Items listed in a dataset
━━━━━━━━━━
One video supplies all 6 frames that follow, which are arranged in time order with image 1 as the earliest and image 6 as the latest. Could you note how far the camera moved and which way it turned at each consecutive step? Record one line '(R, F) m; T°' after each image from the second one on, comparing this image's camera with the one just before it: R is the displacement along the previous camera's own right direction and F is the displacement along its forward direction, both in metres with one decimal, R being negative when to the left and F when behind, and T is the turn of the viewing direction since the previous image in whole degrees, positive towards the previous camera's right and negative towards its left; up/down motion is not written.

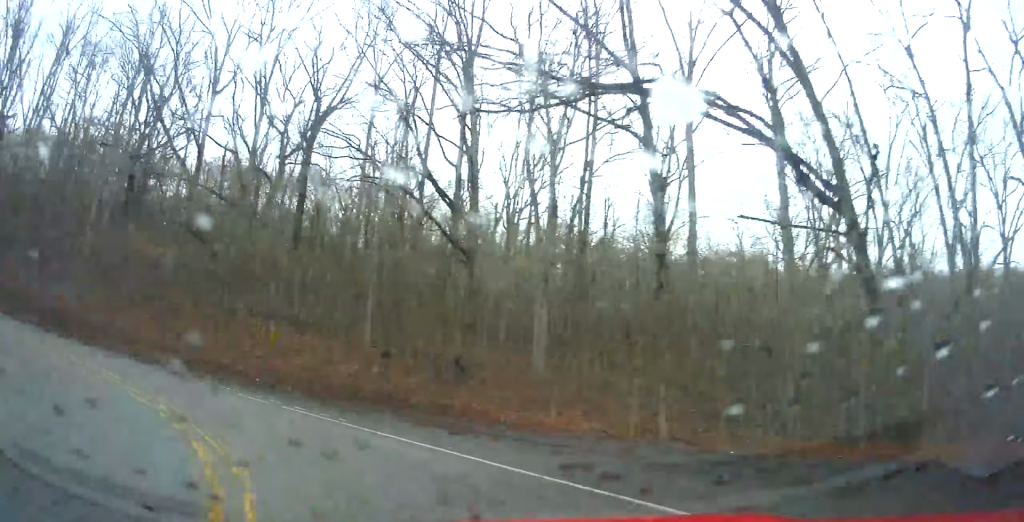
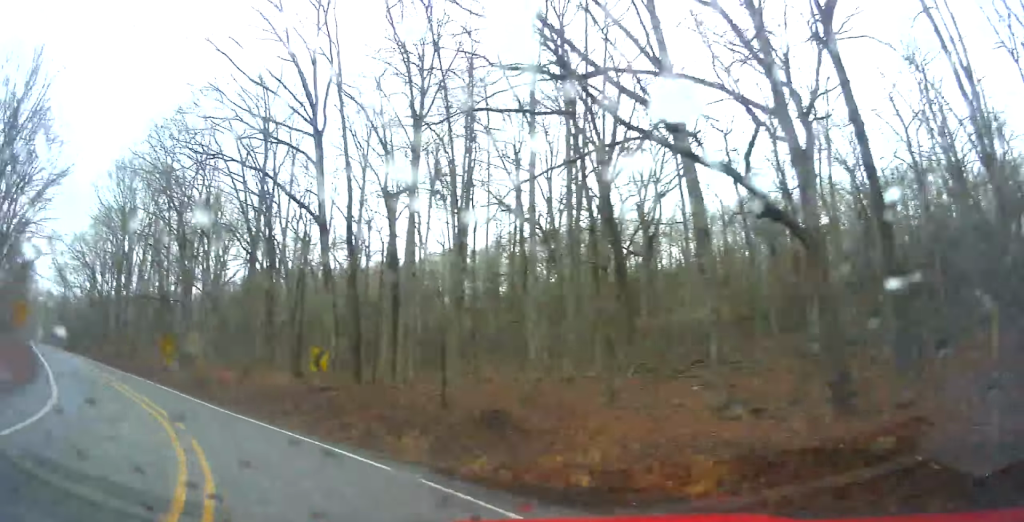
(-7.8, +15.4) m; -69°
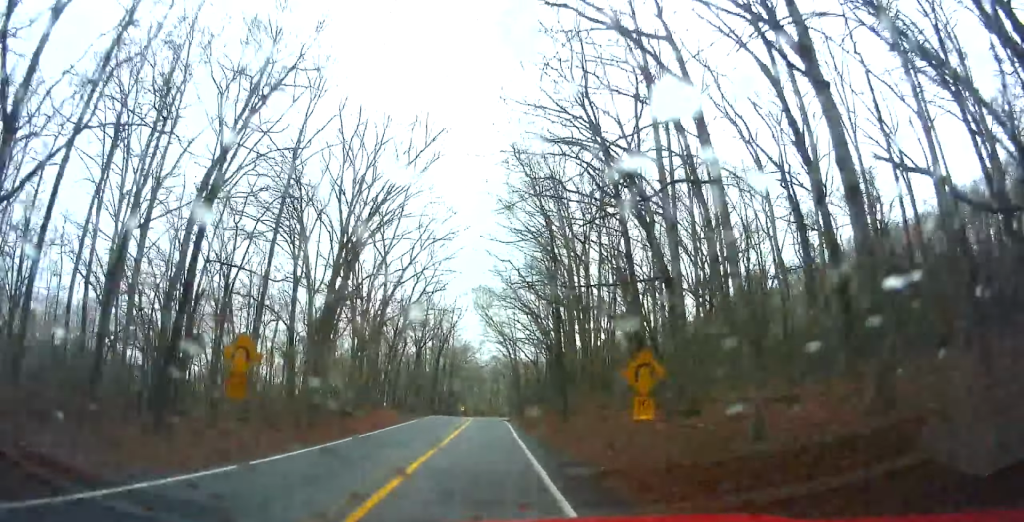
(-15.5, +17.5) m; -46°
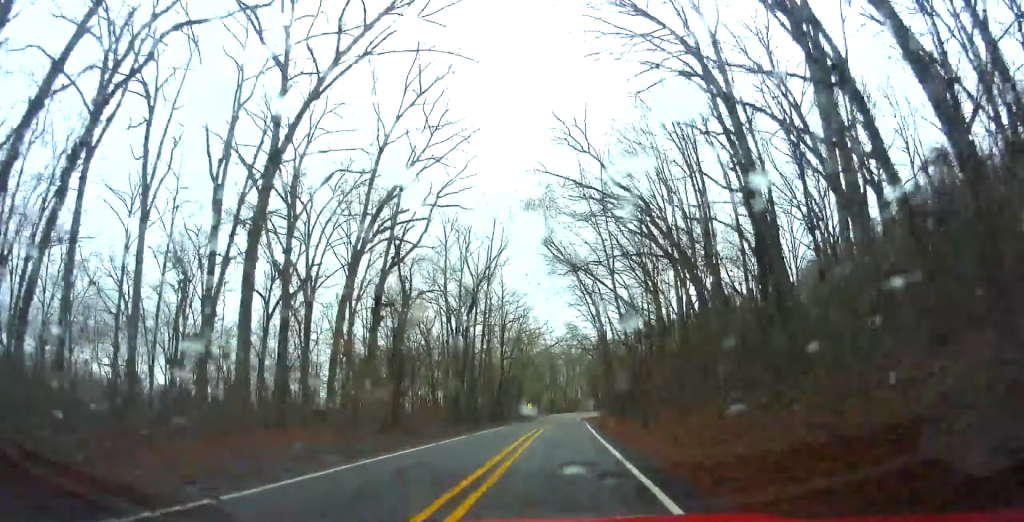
(-9.4, +36.4) m; -16°
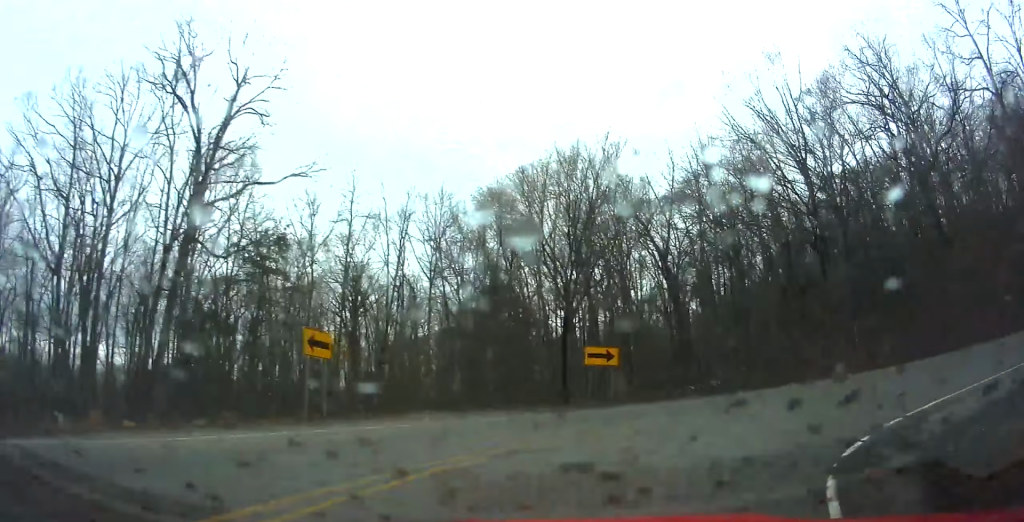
(+0.6, +101.5) m; +8°
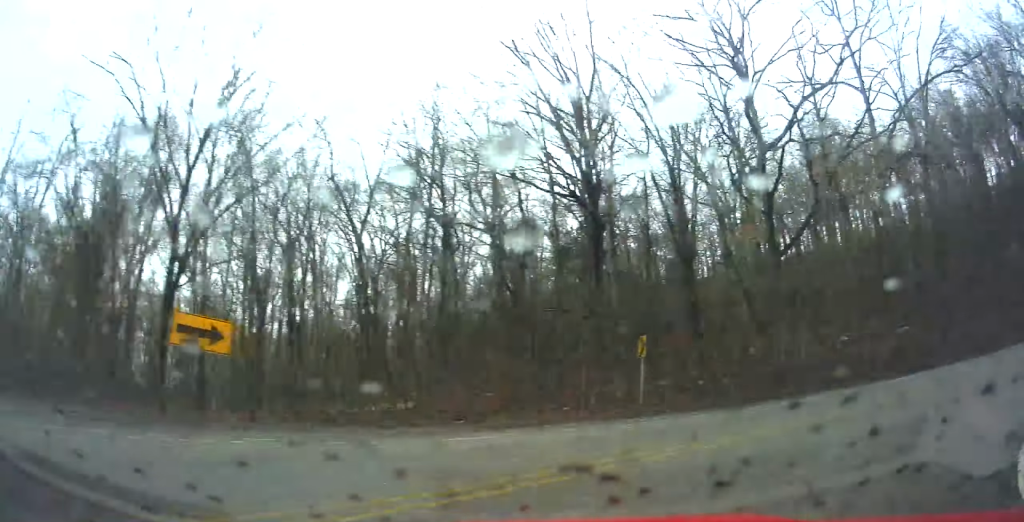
(-0.7, +16.8) m; +7°
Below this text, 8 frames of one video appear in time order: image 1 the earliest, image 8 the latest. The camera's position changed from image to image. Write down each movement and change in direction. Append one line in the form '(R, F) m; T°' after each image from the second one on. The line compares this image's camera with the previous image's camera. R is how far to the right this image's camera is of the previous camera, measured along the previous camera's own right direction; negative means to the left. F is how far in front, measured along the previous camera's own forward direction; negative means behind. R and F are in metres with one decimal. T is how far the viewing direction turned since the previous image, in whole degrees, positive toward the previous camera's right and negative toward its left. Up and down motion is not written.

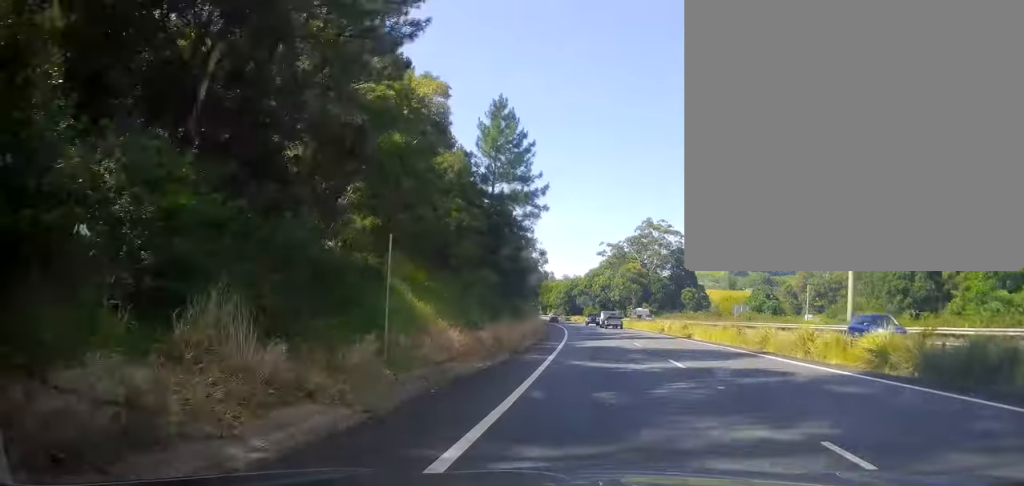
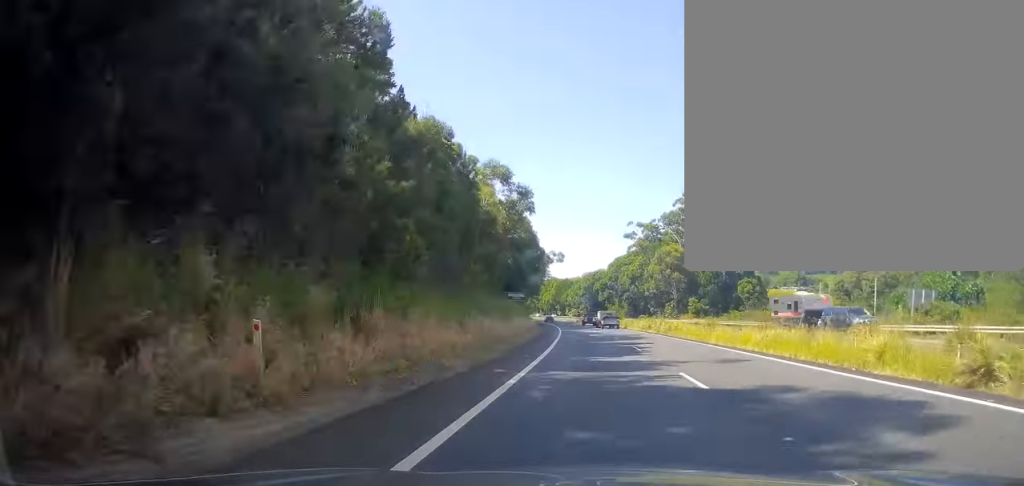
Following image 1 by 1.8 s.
(-1.6, +40.9) m; -4°
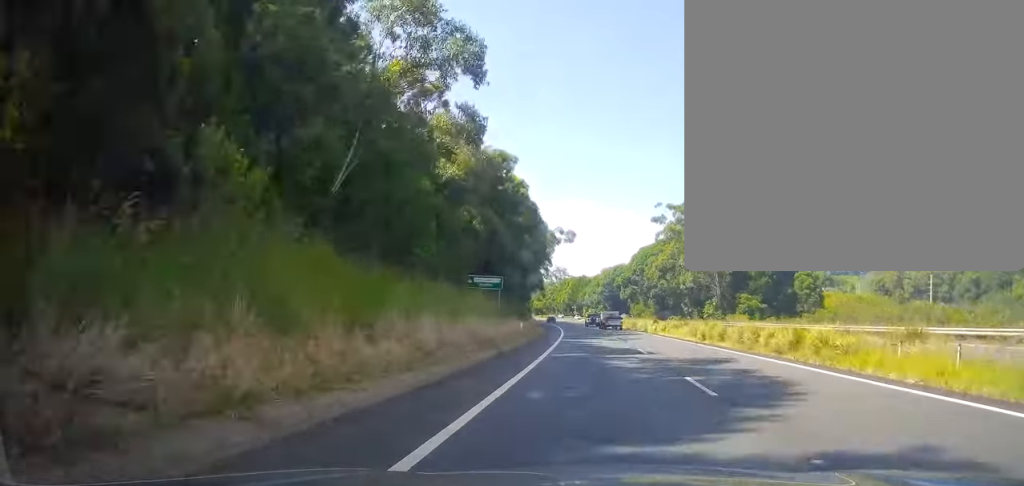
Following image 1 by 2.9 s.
(0.0, +24.8) m; 0°
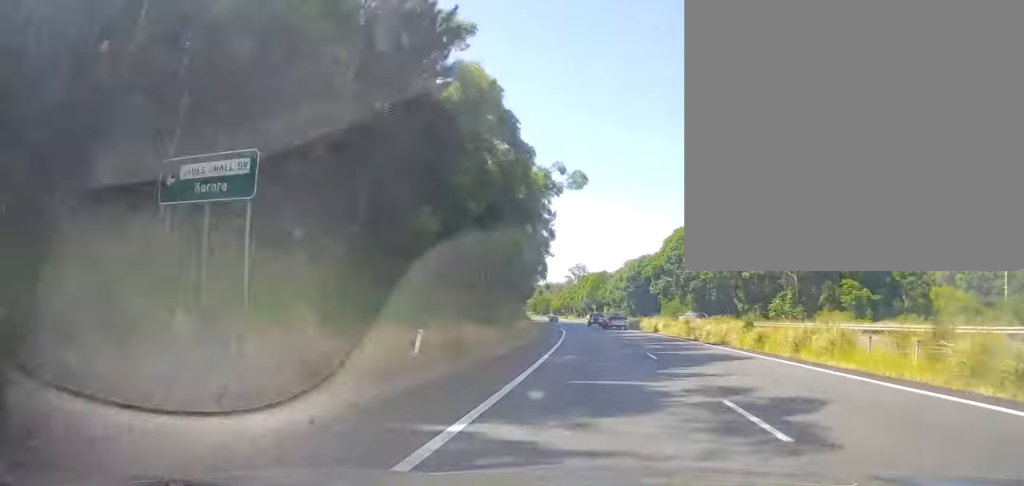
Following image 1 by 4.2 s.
(-0.3, +27.8) m; -2°
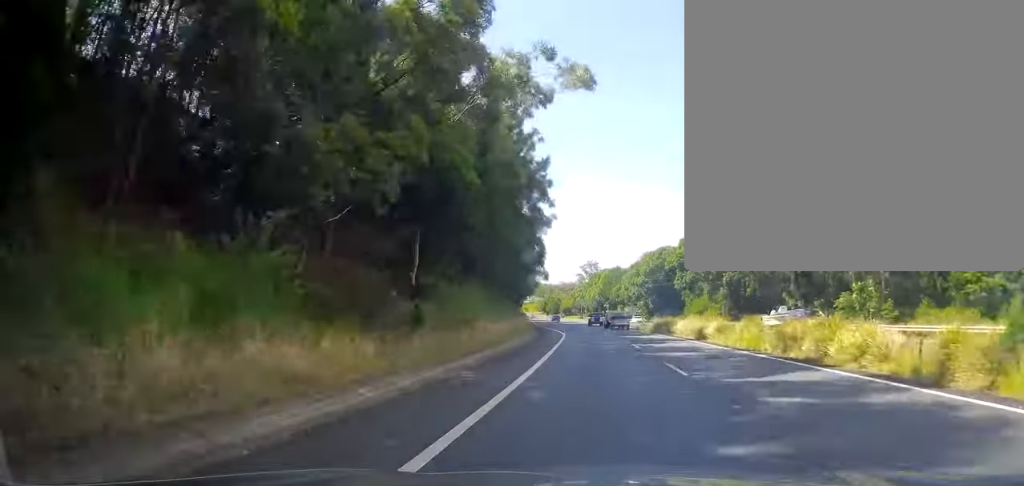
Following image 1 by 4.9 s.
(-0.2, +17.4) m; -1°
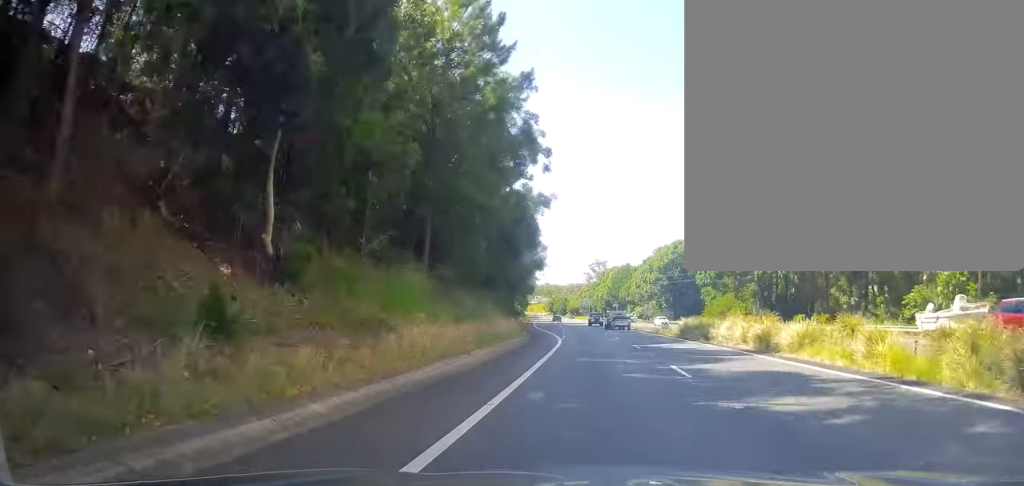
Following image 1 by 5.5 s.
(-0.2, +12.1) m; 0°
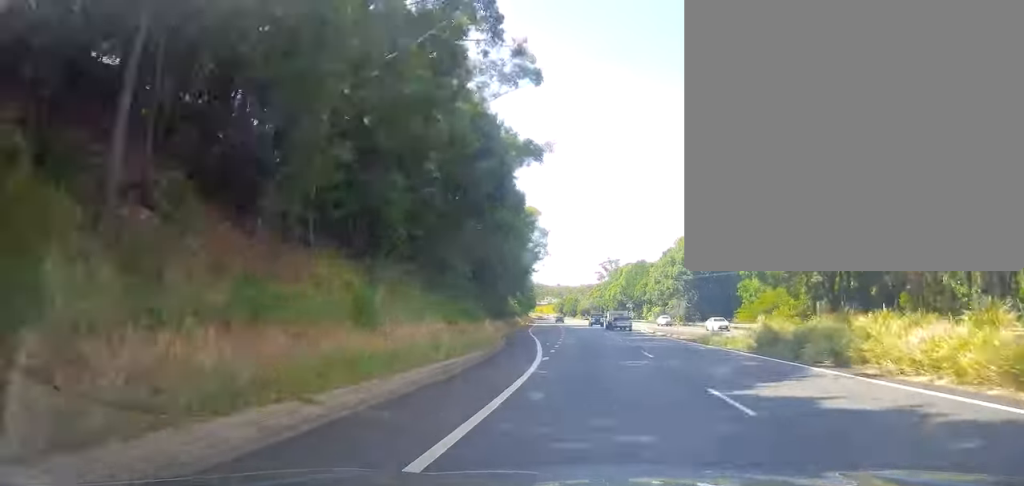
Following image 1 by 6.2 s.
(0.0, +17.4) m; -2°
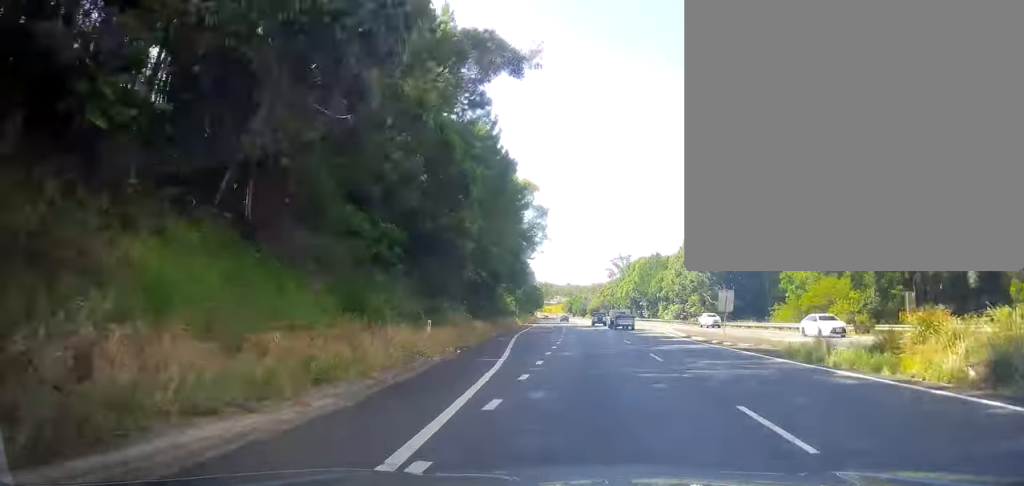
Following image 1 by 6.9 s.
(+0.2, +14.3) m; -2°
━━━━━━━━━━
REQUIRED ACTION » Every line above has to be output exactly; the pictures must be dropped.

YOUR RESPONSE »
One video supplies all 6 frames that follow, which are arranged in time order with image 1 as the earliest and image 6 as the latest. Could you note how far the camera moved and which way it turned at each consecutive step? Record one line '(R, F) m; T°' after each image from the second one on, comparing this image's camera with the one just before it: R is the displacement along the previous camera's own right direction and F is the displacement along its forward direction, both in metres with one decimal, R being negative when to the left and F when behind, and T is the turn of the viewing direction since the previous image in whole degrees, positive towards the previous camera's right and negative towards its left; up/down motion is not written.

(-7.8, +15.4) m; -69°
(-15.5, +17.5) m; -46°
(-9.4, +36.4) m; -16°
(+0.6, +101.5) m; +8°
(-0.7, +16.8) m; +7°
Below this text, 8 frames of one video appear in time order: image 1 the earliest, image 8 the latest. The camera's position changed from image to image. Write down each movement and change in direction. Append one line in the form '(R, F) m; T°' after each image from the second one on. The line compares this image's camera with the previous image's camera. R is how far to the right this image's camera is of the previous camera, measured along the previous camera's own right direction; negative means to the left. F is how far in front, measured along the previous camera's own forward direction; negative means behind. R and F are in metres with one decimal. T is how far the viewing direction turned since the previous image, in whole degrees, positive toward the previous camera's right and negative toward its left. Up and down motion is not written.

Following image 1 by 1.8 s.
(-1.6, +40.9) m; -4°
Following image 1 by 2.9 s.
(0.0, +24.8) m; 0°
Following image 1 by 4.2 s.
(-0.3, +27.8) m; -2°
Following image 1 by 4.9 s.
(-0.2, +17.4) m; -1°
Following image 1 by 5.5 s.
(-0.2, +12.1) m; 0°
Following image 1 by 6.2 s.
(0.0, +17.4) m; -2°
Following image 1 by 6.9 s.
(+0.2, +14.3) m; -2°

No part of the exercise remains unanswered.